The European Investment Bank (EIB) will stop backing new fossil-fuel power projects by the end of 2021, in a move by the EU Bank that analysts said raises questions over gas’s role in the energy transition.

The EIB announced the move against unabated fossil projects, including gas, as part of a revised lending policy that it said will help unlock €1trn ($1.1trn) of climate action and environmental sustainable investment in the decade to 2030, to aid the EU as it seeks to hit a renewable energy target of a 32% share by then.

The policy includes a new emissions performance criteria of 250g of CO2 per kWh, down from the current 550g/kWh, a barrier to current gas-fired technologies.

Nicholas Browne, research director at Wood Mackenzie, said the move means that “gas is also increasingly in the spotlight of the climate debate”.

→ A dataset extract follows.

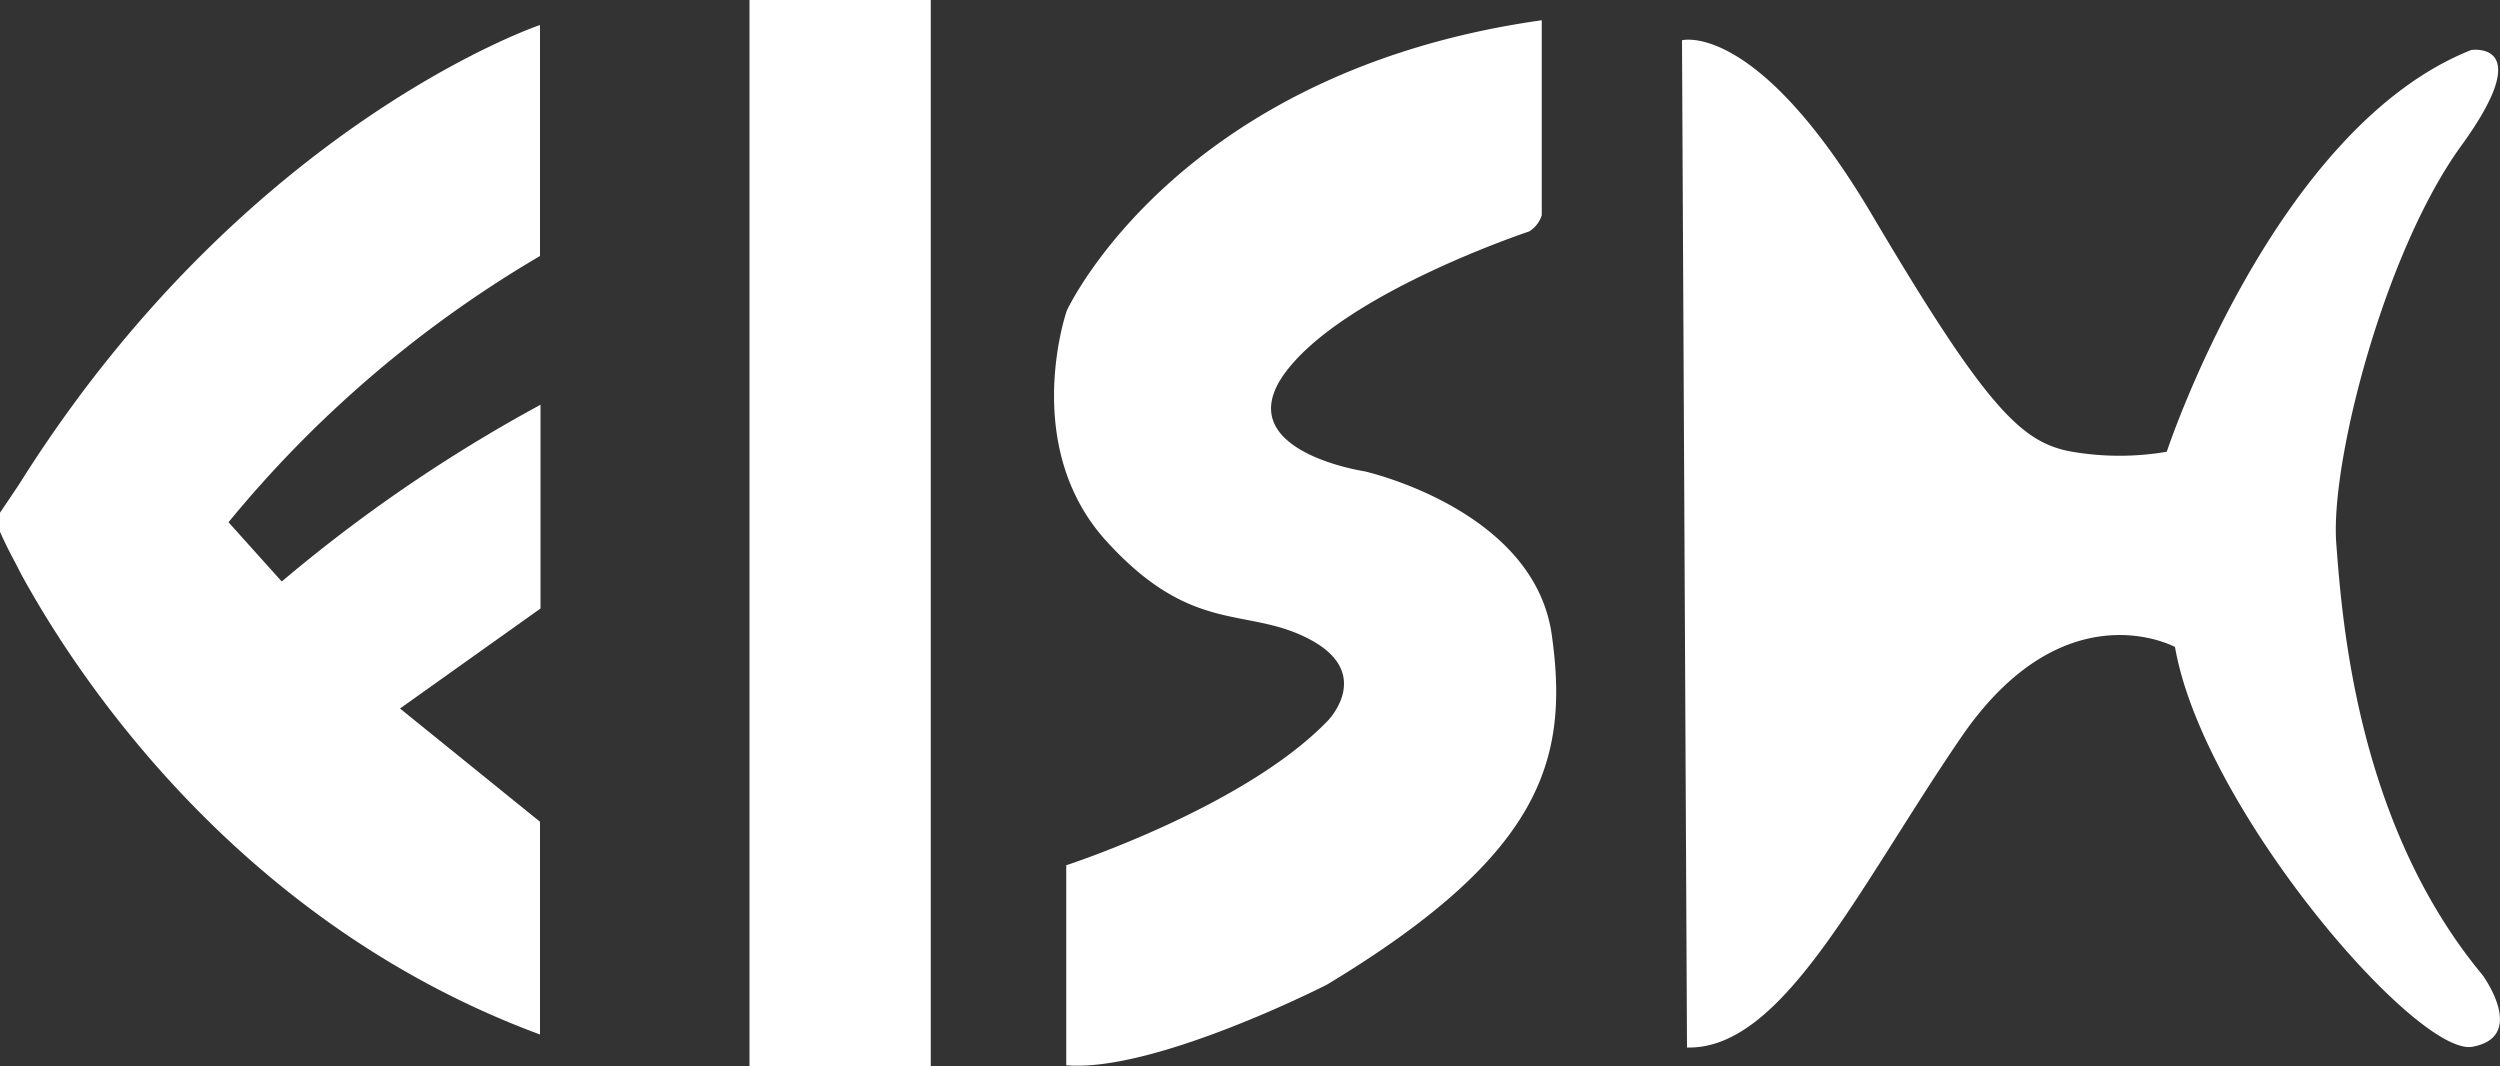 <svg xmlns="http://www.w3.org/2000/svg" viewBox="0 0 100 42.66"><rect x="0" y="0" width="100" height="42.66" fill="#333333" stroke="none"/><defs><style>.cls-1{fill:#fff;}</style></defs><title>fish_w</title><g id="Слой_2" data-name="Слой 2"><g id="Слой_1-2" data-name="Слой 1"><path class="cls-1" d="M16,28.34l5.62-4V16.19a61.18,61.18,0,0,0-10.35,7.07L9.14,20.89A46.61,46.61,0,0,1,21.6,10.24V1S10,4.91,1,19l-.26.41L0,20.51v.76s.18.43.57,1.16l.3.58C3.06,27,9.49,36.9,21.6,41.38V32.87Z"/><rect class="cls-1" x="29.98" width="7.25" height="42.64"/><path class="cls-1" d="M42.67,12.43s4.38-9.56,19-11.62v7.8a1.17,1.17,0,0,1-.51.65s-7.3,2.42-9.71,5.59,3.12,4,3.12,4,6.79,1.51,7.5,6.54-.4,8.81-9,14c0,0-6.9,3.52-10.42,3.22v-8s7.14-2.32,10.47-5.79c0,0,1.83-1.87-.7-3.23s-4.69-.13-8.16-3.94S42.67,12.43,42.67,12.43Z"/><path class="cls-1" d="M67.28,1.61s3-.8,7.61,7,6,9.11,8,9.46a11.22,11.22,0,0,0,3.78,0S90.94,5.13,98.85,2c0,0,2.67-.4-.4,3.83s-5.24,12.65-5,15.89S94.32,33,99.3,39c0,0,1.81,2.46-.4,2.87S88.13,32.37,87,25.88c0,0-4.43-2.42-8.56,3.62S71.31,42,67.48,41.9Z"/></g></g></svg>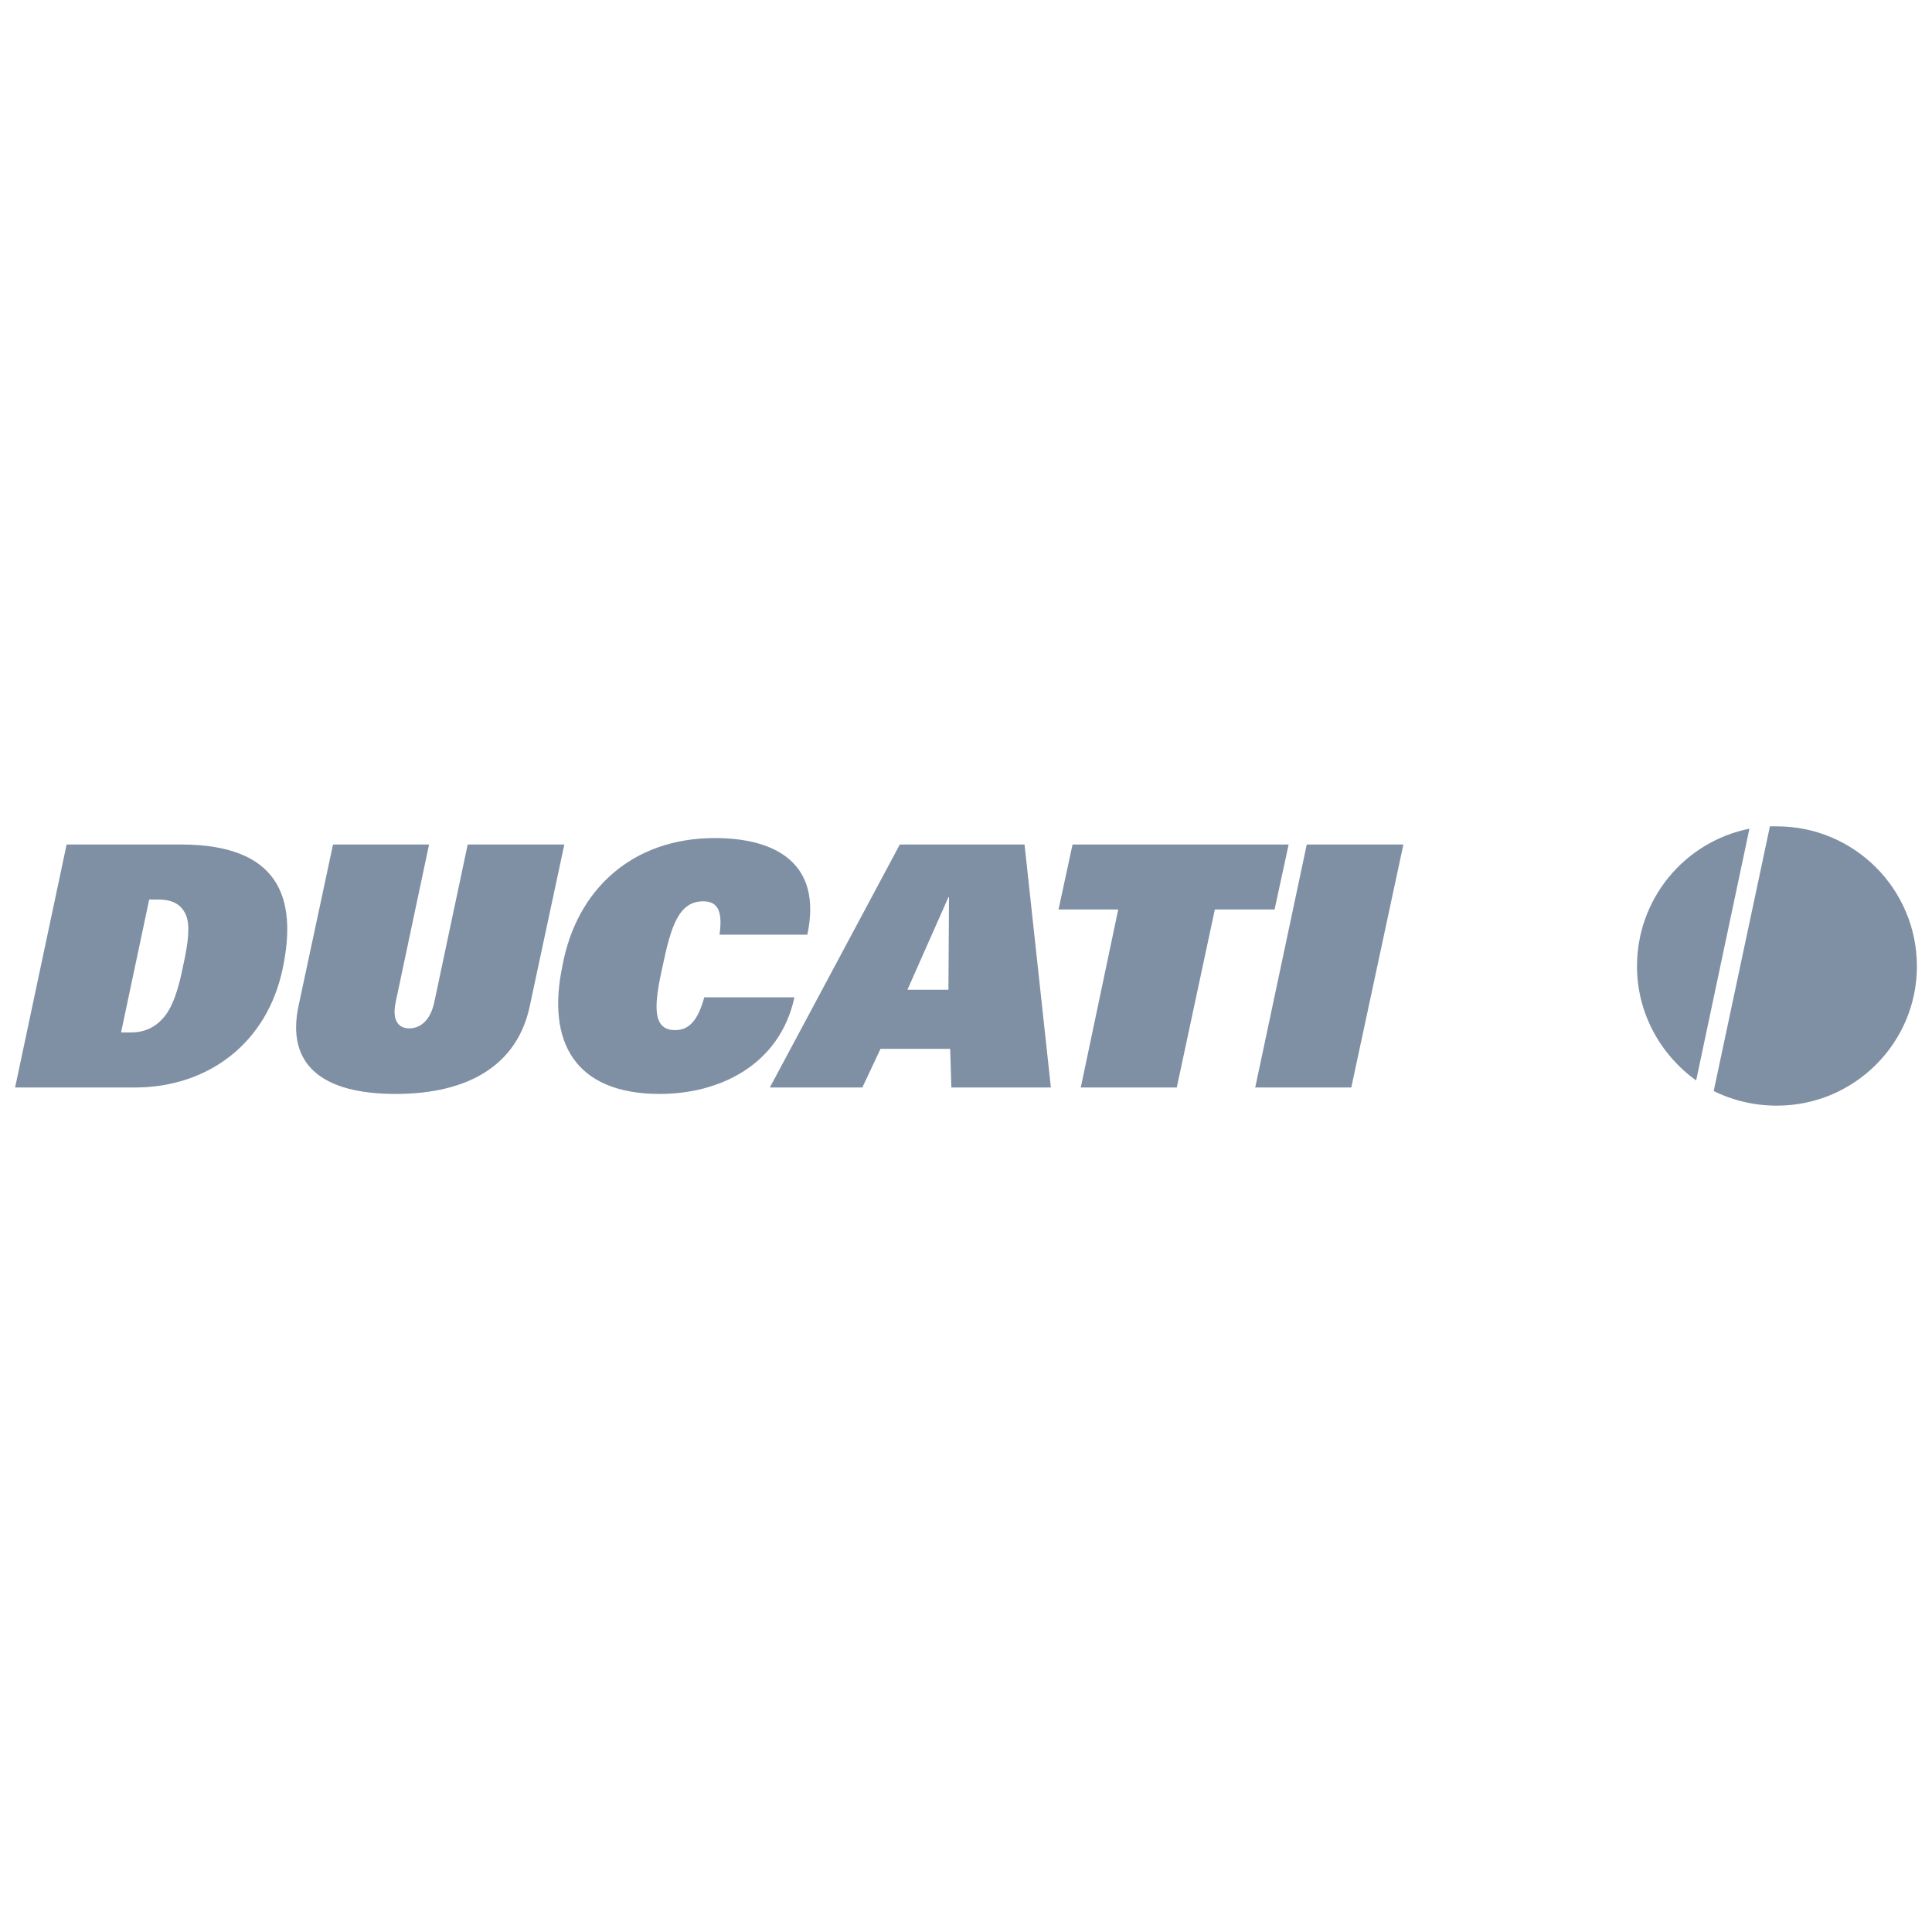 <svg width="64" height="64" viewBox="0 0 64 64" fill="none" xmlns="http://www.w3.org/2000/svg">
<path fill-rule="evenodd" clip-rule="evenodd" d="M4.942 29.799H5.252C5.757 29.799 6.028 29.993 6.164 30.322C6.299 30.652 6.241 31.215 6.067 31.991C5.911 32.786 5.717 33.348 5.446 33.678C5.174 34.008 4.826 34.202 4.321 34.202H4.01L4.942 29.799ZM0.5 36.025H4.457C6.94 36.025 8.86 34.511 9.364 32.087C9.868 29.701 9.209 27.975 5.989 27.975H2.207L0.5 36.025ZM17.549 33.328C17.142 35.269 15.532 36.238 13.108 36.238C10.664 36.238 9.481 35.269 9.888 33.328L11.032 27.975H14.213L13.108 33.193C12.972 33.833 13.224 34.066 13.554 34.066C13.903 34.066 14.252 33.834 14.388 33.193L15.493 27.975H18.694L17.549 33.328ZM26.317 33.038C25.832 35.269 23.853 36.238 21.856 36.238C19.043 36.238 18.093 34.512 18.636 31.971C19.102 29.469 20.944 27.762 23.679 27.762C25.696 27.762 27.248 28.596 26.744 30.962H23.834C23.97 30.051 23.679 29.857 23.291 29.857C22.477 29.857 22.224 30.71 21.953 31.991C21.681 33.212 21.565 34.124 22.36 34.124C22.767 34.124 23.097 33.892 23.33 33.038L26.317 33.038ZM30.06 32.786L31.418 29.721H31.437L31.418 32.786H30.06ZM25.502 36.025H28.566L29.168 34.745H31.476L31.515 36.025H34.812L33.939 27.975H29.808L25.502 36.025ZM37.043 30.128H35.065L35.53 27.975H42.688L42.222 30.128H40.243L38.982 36.025H35.802L37.043 30.128ZM43.288 27.975H46.489L44.763 36.025H41.581L43.288 27.975ZM57.952 27.451C56.9 27.663 55.954 28.233 55.275 29.064C54.596 29.895 54.226 30.936 54.228 32.009C54.228 33.562 55.004 34.939 56.187 35.792L57.952 27.451ZM58.864 27.374H58.631L56.769 36.141C57.39 36.452 58.107 36.626 58.864 36.626C61.425 36.626 63.5 34.551 63.5 32.01C63.5 29.45 61.425 27.374 58.864 27.374Z" fill="#7F8FA4"/>
</svg>

Browne said: "The EIB's new financing criteria will make lending to gas projects very difficult”, adding that gas’s better emissions profile in relation to coal may not now be enough to make its case.

“The benchmark looks like it will be set higher. Gas and LNG may be better but are they good enough?” said Browne.

With increased scrutiny on gas’s credentials, Browne said there is a chance that “the popular and political tide turns on natural gas like it already has on coal in most countries.

“If this does occur, it may slow the rate of growth of gas and LNG demand. In turn, this would be a major strategic challenge for companies that have identified gas as the key driver of future growth.”

The popular tide could turn on natural gas like it already has on coal.

The EIB’s move – which enters force a year later than originally planned, and which it described as a “compromise” after “long discussion” – comes soon after the EU’s incoming energy commissioner was criticised for talking-up the role of gas in the energy transition.

A previous EIB financial review of energy lending in 2013 had already effectively ended financing for coal and lignite power generation through the adoption of a strict emissions performance standard.

The EIB said gas projects would still be possible, but would only be considered if based on what the bank describes as “new technologies”, such as mixing renewable gases with natural gas, carbon capture and storage, or combining heat and power generation.

The EIB’s new energy lending policy will be governed through five principles, including enabling energy decarbonisation through increased support for low or zero carbon technology, aiming to meet a 32% renewable energy share throughout the EU by 2030.

The bank will also increase financing for decentralised energy production, innovative energy storage and e-mobility. It will also aim to ensure grid investment, essential for intermittent energy sources like wind and solar as well as strengthening cross-border interconnections.

Colin Roche, fossil free campaigner at Friends of the Earth (FoE) Europe, called the decision “a significant victory for the climate movement. Finally, the world’s largest public bank has bowed to public pressure and recognised that funding for all fossil fuels must end – and now all other banks, public and private must follow their lead.

“But 2021 is still too late if we are to avoid the worst effects of climate breakdown.”

Kate Cahoon, Germany campaigner at pressure group, claimed loopholes for fossil gas remain with any project added to the EU’s ‘Projects of Common Interest’ (PCI) list before 2022 still eligible for EIB funding. She warned that at present there are more than 50 fossil gas projects included.